MongoDb - Storage Engines in MongoDB (WiredTiger)
A storage engine is the internal component of a database that manages how data is stored on disk and how it is retrieved. In simple terms, it decides:
-
How data is written to disk
-
How memory (RAM) is used
-
How concurrency (multiple users accessing data at the same time) is handled
-
How crash recovery works
In MongoDB, the default and most important storage engine is WiredTiger.
Why Storage Engines Matter
When you build real-world applications (e-commerce, banking apps, student portals), the database must:
-
Handle many users simultaneously
-
Avoid data corruption during crashes
-
Maintain high performance
-
Use disk space efficiently
The storage engine directly affects all of these.
WiredTiger – Detailed Explanation
1. Document-Level Concurrency
Older storage engines used database-level or collection-level locking. That means if one operation was writing data, other operations had to wait.
WiredTiger supports document-level locking.
This means:
-
Multiple users can modify different documents in the same collection at the same time.
-
Performance improves significantly under heavy load.
Example:
If 100 users update different profiles simultaneously, they won’t block each other.
2. Compression
WiredTiger supports data compression by default.
It compresses:
-
Data files
-
Indexes
Benefits:
-
Reduces disk usage
-
Reduces I/O (Input/Output) operations
-
Improves performance on disk-heavy systems
This is very important in production environments where storage cost matters.
3. Journaling (Crash Recovery)
Journaling ensures that data is not lost if the system crashes.
When a write operation happens:
-
It is first recorded in a journal file.
-
Then written to the main data files.
If the server crashes:
-
MongoDB replays the journal
-
Restores data to a consistent state
This provides durability, which is part of ACID properties.
4. Checkpointing
WiredTiger periodically creates checkpoints.
A checkpoint:
-
Saves a stable snapshot of data to disk.
-
Reduces recovery time after crashes.
This means the system does not need to replay the entire history during recovery.

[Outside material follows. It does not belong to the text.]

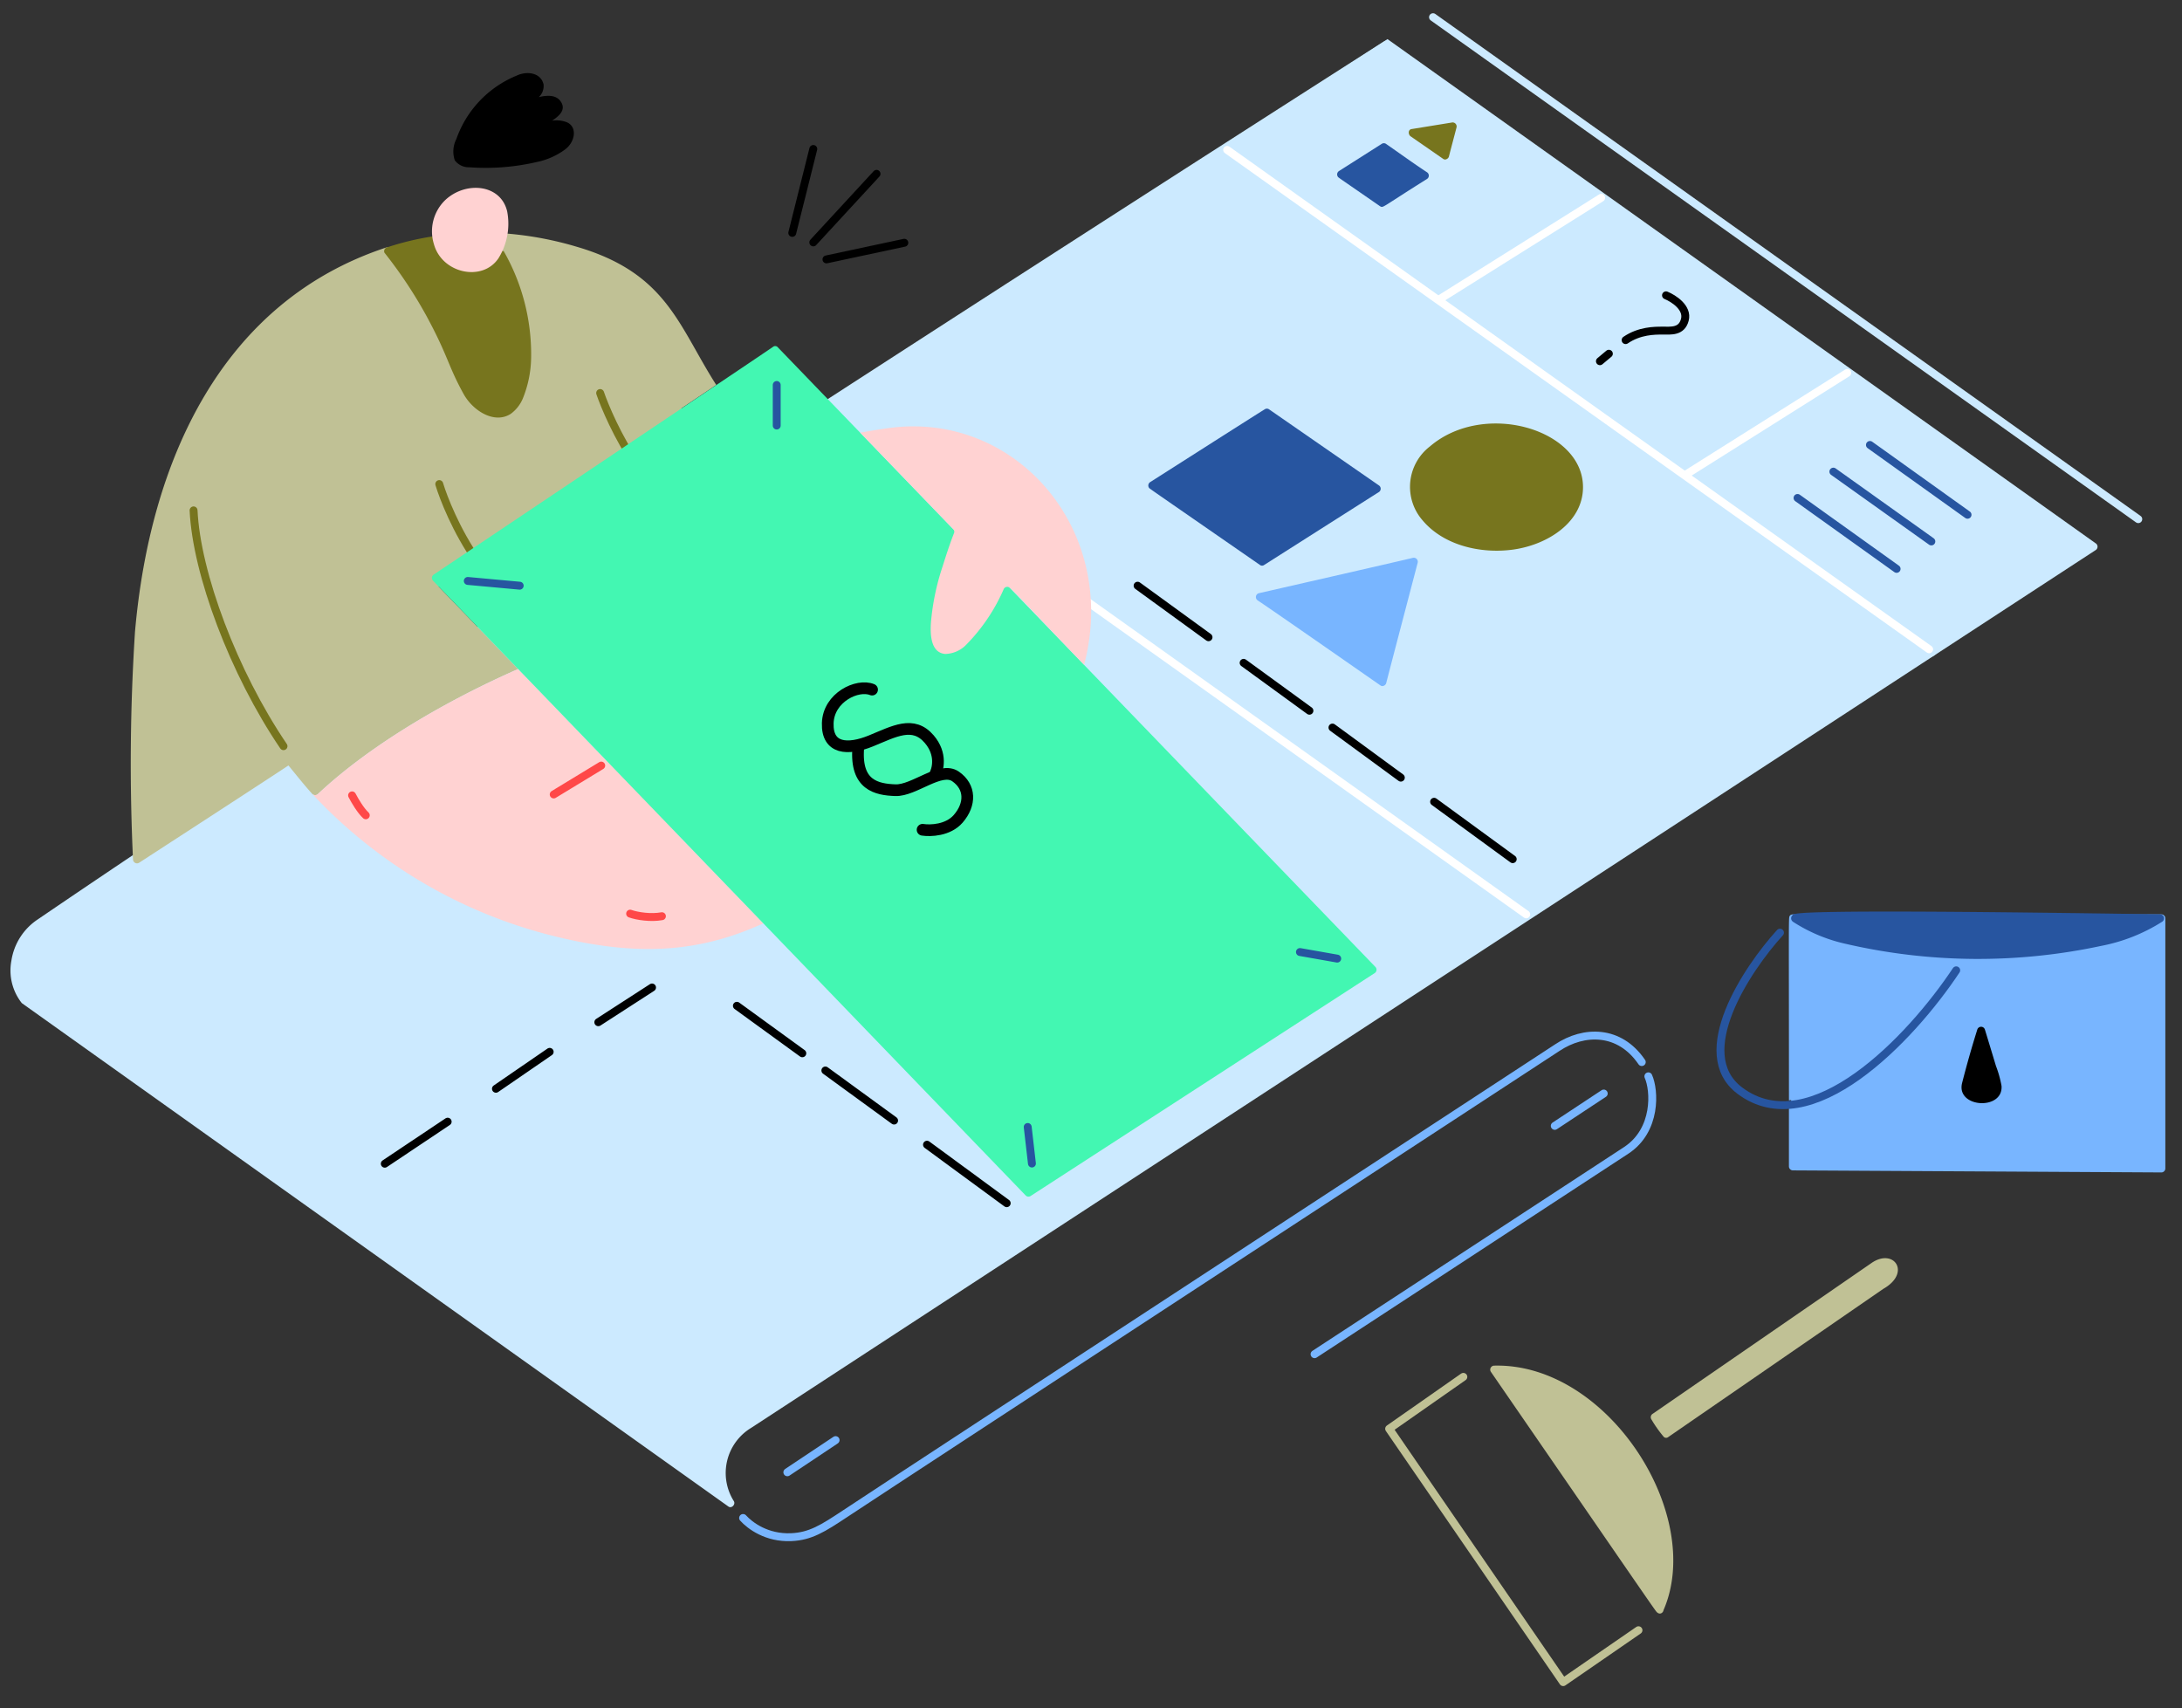 <svg xmlns="http://www.w3.org/2000/svg" width="373" height="292" fill="none"><rect width="100%" height="100%" fill="#333333" stroke="none"/><path fill="#CCEAFF" d="M358.224 92.867a.686.686 0 0 1 .022 1.169c-.14.087-228.696 149.306-229.83 150.056a9.012 9.012 0 0 0-2.973 12.522c.343.551-.365 1.326-.927.927L3.728 171.482a8.976 8.976 0 0 1-1.78-7.25 10.344 10.344 0 0 1 4.46-7.029C82.208 105.582 237.184 6.687 237.184 6.687l121.04 86.18Z"/><path stroke="#fff" stroke-linecap="round" stroke-linejoin="round" stroke-width="1.35" d="M260.902 156.312 183.277 101"/><path fill="#CCEAFF" d="M242.206 10.602a39.331 39.331 0 0 0-4.723-3.36c-.099-.058-.194-.145-.267-.172a.551.551 0 0 0-.658.056l-27.033 17.628c.299 0-2.253-1.745 36.385 25.733 29.318-18.485 27.541-17.482 27.929-17.397l-31.633-22.488Zm1.714 20.004c-7.952 5.025-7.5 4.926-7.921 4.688-.194-.066-.147-.08-7.096-4.894a.68.68 0 0 1-.322-.582.68.68 0 0 1 .322-.582l7.319-4.654a.669.669 0 0 1 .683 0l7.015 4.86a.69.69 0 0 1 .322.582.69.69 0 0 1-.322.582Zm3.767-3.86a.668.668 0 0 1-.305.4l-.04.021a.548.548 0 0 1-.65-.017l-5.559-3.85c-.426-.297-.465-1.135.161-1.238l6.858-1.113a.689.689 0 0 1 .832.498c.084.33-.017.268-1.297 5.3Z"/><path fill="#C0C195" d="M86.755 39.94a58.278 58.278 0 0 1 11.736 2.214c12.484 3.621 16.165 10.134 20.543 17.882 1.05 1.86 2.141 3.79 3.404 5.769l-5.955 3.995 1.669 1.575-43.166 28.899 13.59 14.095c-11.344 4.975-24.87 12.572-34.23 21.368a.7.7 0 0 1-.952 0c-1.075-1.187-2.093-2.437-3.107-3.682a300.49 300.49 0 0 0-.982-1.202c-1.815 1.251-25.55 16.649-25.55 16.649a.685.685 0 0 1-1.018-.582 351.23 351.23 0 0 1 .339-38.906c2.575-29.438 14.918-56.463 42.956-65.706l20.723-2.368Z"/><path fill="#77751E" d="M86.106 42.935 73.928 40.42a47.541 47.541 0 0 0-7.84 1.893.68.68 0 0 0-.37.886 76.515 76.515 0 0 1 7.103 10.667c3.801 6.983 3.704 8.557 6.425 13.48 1.585 2.868 5.237 5.186 8.036 3.421a6.207 6.207 0 0 0 2.079-2.612 19.182 19.182 0 0 0 1.433-7.114 35.494 35.494 0 0 0-4.688-18.106Z"/><path fill="#2755A0" d="m235.697 82.967-18.79-13.014a.66.66 0 0 0-.682 0c-2.227 1.375-18.794 11.953-19.603 12.459a.69.69 0 0 0-.225.944c.12.194-1.098-.692 19.007 13.24a.598.598 0 0 0 .677 0s18.8-11.958 19.608-12.462a.681.681 0 0 0 .246-.916.676.676 0 0 0-.238-.251Z"/><path fill="#78B5FF" d="M241.511 95.367c-2.959.718-25.258 5.799-26.34 6.048a.68.68 0 0 0-.478.566.686.686 0 0 0 .317.669c2.411 1.585 20.093 13.918 20.962 14.521a.546.546 0 0 0 .65.018l.041-.022a.667.667 0 0 0 .304-.401c.592-2.328 5.155-19.71 5.376-20.559a.69.69 0 0 0 .001-.352.69.69 0 0 0-.833-.488Z"/><path fill="#77751E" d="M244.438 76.316a8.72 8.72 0 0 0-3.361 6.04 8.71 8.71 0 0 0 2.093 6.586c3.685 4.393 10.145 5.774 15.58 4.997 5.921-.85 11.86-4.73 11.856-10.668-.004-9.9-16.916-14.874-26.168-6.955Z"/><path fill="#FFD2D2" d="M86.705 36.167c-1.079-4.705-7.081-5.252-10.584-1.974a7.424 7.424 0 0 0-1.94 7.564c1.385 4.994 8.29 6.476 11.023 2.403a11.184 11.184 0 0 0 1.5-7.993Z"/><path fill="#000" d="M96.8 20.861a4.942 4.942 0 0 0-2.44-.227c.071-.049.147-.087.217-.138 1.02-.711 2.164-1.7 1.344-3.04-.776-1.277-2.355-1.201-3.817-.852a2.599 2.599 0 0 0 .818-2.159c-.454-2.05-2.886-2.362-4.668-1.49A18.245 18.245 0 0 0 78.01 23.77a4.674 4.674 0 0 0-.265 3.64 2.98 2.98 0 0 0 2.498 1.186 38.666 38.666 0 0 0 11.485-.893 12.346 12.346 0 0 0 4.92-2.191c1.725-1.323 2.078-3.924.15-4.651Z"/><path fill="#2755A0" d="M243.92 29.437c-2.375-1.563-4.676-3.239-7.015-4.86a.662.662 0 0 0-.682 0l-7.32 4.655a.686.686 0 0 0-.225.944c.114.194-.462-.25 7.24 5.084.582.302.062.32 8.002-4.655a.683.683 0 0 0 .239-.918.684.684 0 0 0-.239-.25Z"/><path fill="#77751E" d="m248.153 20.952-6.858 1.113c-.627.103-.582.94-.161 1.238l5.558 3.85a.549.549 0 0 0 .65.017l.041-.021a.673.673 0 0 0 .304-.4c.421-1.658.873-3.309 1.298-4.965a.69.69 0 0 0-.483-.827.685.685 0 0 0-.349-.005Z"/><path stroke="#000" stroke-linecap="round" stroke-linejoin="round" stroke-width="1.35" d="m139.027 41.438 10.813-11.72m-8.563 14.626L154.59 41.5m-19.156-1.687 3.593-14.344"/><path fill="#78B5FF" d="M369.256 156.307h.23a.688.688 0 0 1 .666.677v42.767a.685.685 0 0 1-.677.677l-62.993-.349a.688.688 0 0 1-.677-.677v-9.986c.126-.01.252-.02.378-.032v-1.331l-.374.046c0-8.682-.007-14.961-.012-19.506-.008-7.555-.011-10.32.031-11.361.025-.569.041-.91.801-.925 0 0 63.819.038 62.627 0Z"/><path fill="#000" d="M342.149 185.626a19.05 19.05 0 0 0-.956-3.411c-.318-1.059-1.573-5.2-1.884-6.206a.681.681 0 0 0-1.303 0 174.663 174.663 0 0 0-2.593 9.115c-1.09 4.277 7.058 4.76 6.736.502Z"/><path fill="#C0C195" d="M255.413 233.458a.685.685 0 0 0-.582 1.019c22.715 32.971 27.265 39.625 28.243 40.944.572.776 1.22.332 1.297-.169 7.089-16.336-9.542-42.294-28.958-41.794Z"/><path fill="#2755A0" d="M369.259 156.309c-65.14-1.011-62.533-.138-62.84.149a.7.7 0 0 0-.235.554.703.703 0 0 0 .278.534l.023.023a27.609 27.609 0 0 0 9.048 3.786 100.507 100.507 0 0 0 43.638.349 29.983 29.983 0 0 0 10.443-4.135.684.684 0 0 0 .052-1.119.683.683 0 0 0-.407-.141Z"/><path fill="#C0C195" d="M319.866 215.953c-.555.388-37.256 25.675-37.345 25.735a.685.685 0 0 0-.243.925 21.283 21.283 0 0 0 2.068 2.944.561.561 0 0 0 .358.231.562.562 0 0 0 .418-.084l36.803-25.364c4.868-2.752 1.804-7.118-2.059-4.387Z"/><path fill="#CCEAFF" d="m329.105 107.781-.937 2.641-.953.953 1.89 1.437 1.579-.781.312-.297 2-2.593-3.891-1.36Z"/><path fill="#FFD2D2" d="M115.047 141.54a.7.7 0 0 0 .19.479c1.639 1.706 8.36 8.672 12.562 13.027l2.702 2.801c-10.033 4.55-20.043 5.812-34.083 2.591a84.098 84.098 0 0 1-43.02-24.701.7.7 0 0 0 .953 0c9.371-8.804 22.831-16.366 34.238-21.368 0 0 14.02 14.573 15.263 15.832a.682.682 0 0 0 .819.105 98.596 98.596 0 0 1 6.357-4.288 35.502 35.502 0 0 1 11.166-5.281c3.035-.611 4.343.735 3.491 3.979a32.132 32.132 0 0 1-5.442 9.973 67.32 67.32 0 0 1-5.006 6.373.7.7 0 0 0-.19.478Z"/><path stroke="#000" stroke-linecap="round" stroke-width="1.35" d="m172.09 205.688-13.625-10m-5.625-4.126L141.09 183m-3.938-2.938-11.187-8.124m-60.188 27 10.75-7.188m8.25-5.625 9.188-6.313m8.312-5.062 9.188-5.938"/><path stroke="#78B5FF" stroke-linecap="round" stroke-width="1.35" d="m134.59 251.688 8.25-5.5m-15.813 13.311c1.191 1.313 4.03 3.457 8.219 3.282 3.287-.138 5.437-1.503 9.156-3.969 11.313-7.5 119.188-77.969 121.813-79.719 4.543-3.028 10.625-3.125 14.437 2.469m-14.875 10.907 8.375-5.531m7.625-2.938c1.078 2.391 1.469 9.203-3.781 12.656-4.6 3.026-37.052 24.24-53.281 34.844"/><path stroke="#2755A0" stroke-linecap="round" stroke-width="1.35" d="M304.278 159.438c-5.667 6.208-15.274 20.678-6.875 27 12.124 9.124 29.25-8.876 37-20.563"/><path stroke="#C0C195" stroke-linecap="round" stroke-linejoin="round" stroke-width="1.35" d="m250.152 235.375-12.687 8.875 29.75 43.312 12.875-8.874"/><path stroke="#fff" stroke-linecap="round" stroke-linejoin="round" stroke-width="1.35" d="m209.777 25.625 120 85.375m-14-47.25L288.09 81.188m-14.375-47.375-27.688 17.374"/><path stroke="#2755A0" stroke-linecap="round" stroke-linejoin="round" stroke-width="1.35" d="m307.277 85.125 16.938 12.125m-10.813-16.625 16.75 11.938m-10.5-16.5L336.34 88"/><path stroke="#CCEAFF" stroke-linecap="round" stroke-linejoin="round" stroke-width="1.35" d="M365.527 88.75 244.965 2.937"/><path stroke="#000" stroke-linecap="round" stroke-linejoin="round" stroke-width="1.35" d="M284.793 50.487c1.302.532 3.769 2.113 3.219 4.188-.55 2.075-2.349 1.844-3.875 1.844-1.282 0-3.875 0-6.25 1.625m-4.391 3.606 1.531-1.281m-16.437 86.406-13.438-9.813m-5.687-4.124-11.688-8.563m-3.937-2.875-11.25-8.188m-6-4.374-12.125-8.813"/><path stroke="#77751E" stroke-linecap="round" stroke-width="1.35" d="M33.09 87.25c.5 10.75 6.825 27.712 15.375 40.312M75.09 82.75c.666 2.25 2.9 8.025 6.5 13.125m21-28.687c.729 2.145 2.987 7.587 6.187 12.187"/><path fill="#43F7B2" d="M235.273 165.559a.684.684 0 0 0-.157-.261l-6.54-6.782a833865.976 833865.976 0 0 1-95.605-99.136c-.024-.034-.029-.04-.049-.052a.578.578 0 0 0-.746-.056c-1.897 1.336-57.98 38.918-58.014 38.939a.69.69 0 0 0-.138 1.063c.07.074 101.205 104.99 101.311 105.095a.677.677 0 0 0 .819.105l58.826-38.113a.661.661 0 0 0 .218-.213.686.686 0 0 0 .075-.589Z"/><path stroke="#000" stroke-linecap="round" stroke-width="2" d="M157.709 141.85c1.307.207 4.352.122 6.084-1.869 2.165-2.49 2.125-5.464-.446-7.248-2.57-1.785-7.081 2.467-10.282 2.352-3.2-.115-6.851-.846-6.354-7.205"/><path stroke="#000" stroke-linecap="round" stroke-width="2" d="M159.724 132.656c.622-1.035 1.318-3.743-.877-6.3-2.743-3.198-5.968-1.331-9.952.298-3.984 1.628-7.526 1.395-7.396-3.025.13-4.42 5.074-6.76 7.578-5.739"/><path fill="#FFD2D2" d="M151.989 73.17c-1.653.225-3.297.5-4.934.793l15.876 16.467a.665.665 0 0 1 .175.657c-.756 1.905-1.379 3.866-2 5.819a41.274 41.274 0 0 0-1.961 9.443c-.139 1.897-.131 5.219 2.421 5.444a5.137 5.137 0 0 0 3.637-1.61 31.311 31.311 0 0 0 6.4-9.528.684.684 0 0 1 .417-.312.677.677 0 0 1 .516.075c.518.309 5.452 5.625 12.789 13.229 6.065-23.128-11.769-43.4-33.336-40.477Z"/><path stroke="#FF4848" stroke-linecap="round" stroke-width="1.35" d="m102.777 130.875-8.125 4.937m13.063 20.376c1.219.437 3.562.781 5.437.437m-52.968-20.656c.5.969 1.468 2.593 2.343 3.406"/><path stroke="#2755A0" stroke-linecap="round" stroke-width="1.35" d="m175.68 192.658.722 6.248m45.813-36.156 6.375 1.125m-95.813-98.062v6.937M79.965 99.313l8.875.812"/></svg>

5. Memory Usage (Cache System)
WiredTiger uses an internal cache system.
-
Frequently accessed data is kept in RAM.
-
Rarely accessed data stays on disk.
By default, it uses around 50% of available RAM for cache (in standalone setups).
This improves read performance significantly.
Other Storage Engines (Brief Mention)
Earlier versions of MongoDB used:
-
MMAPv1 (deprecated)
MMAPv1 had:
-
Collection-level locking
-
Less efficient concurrency
-
No compression
That’s why WiredTiger replaced it.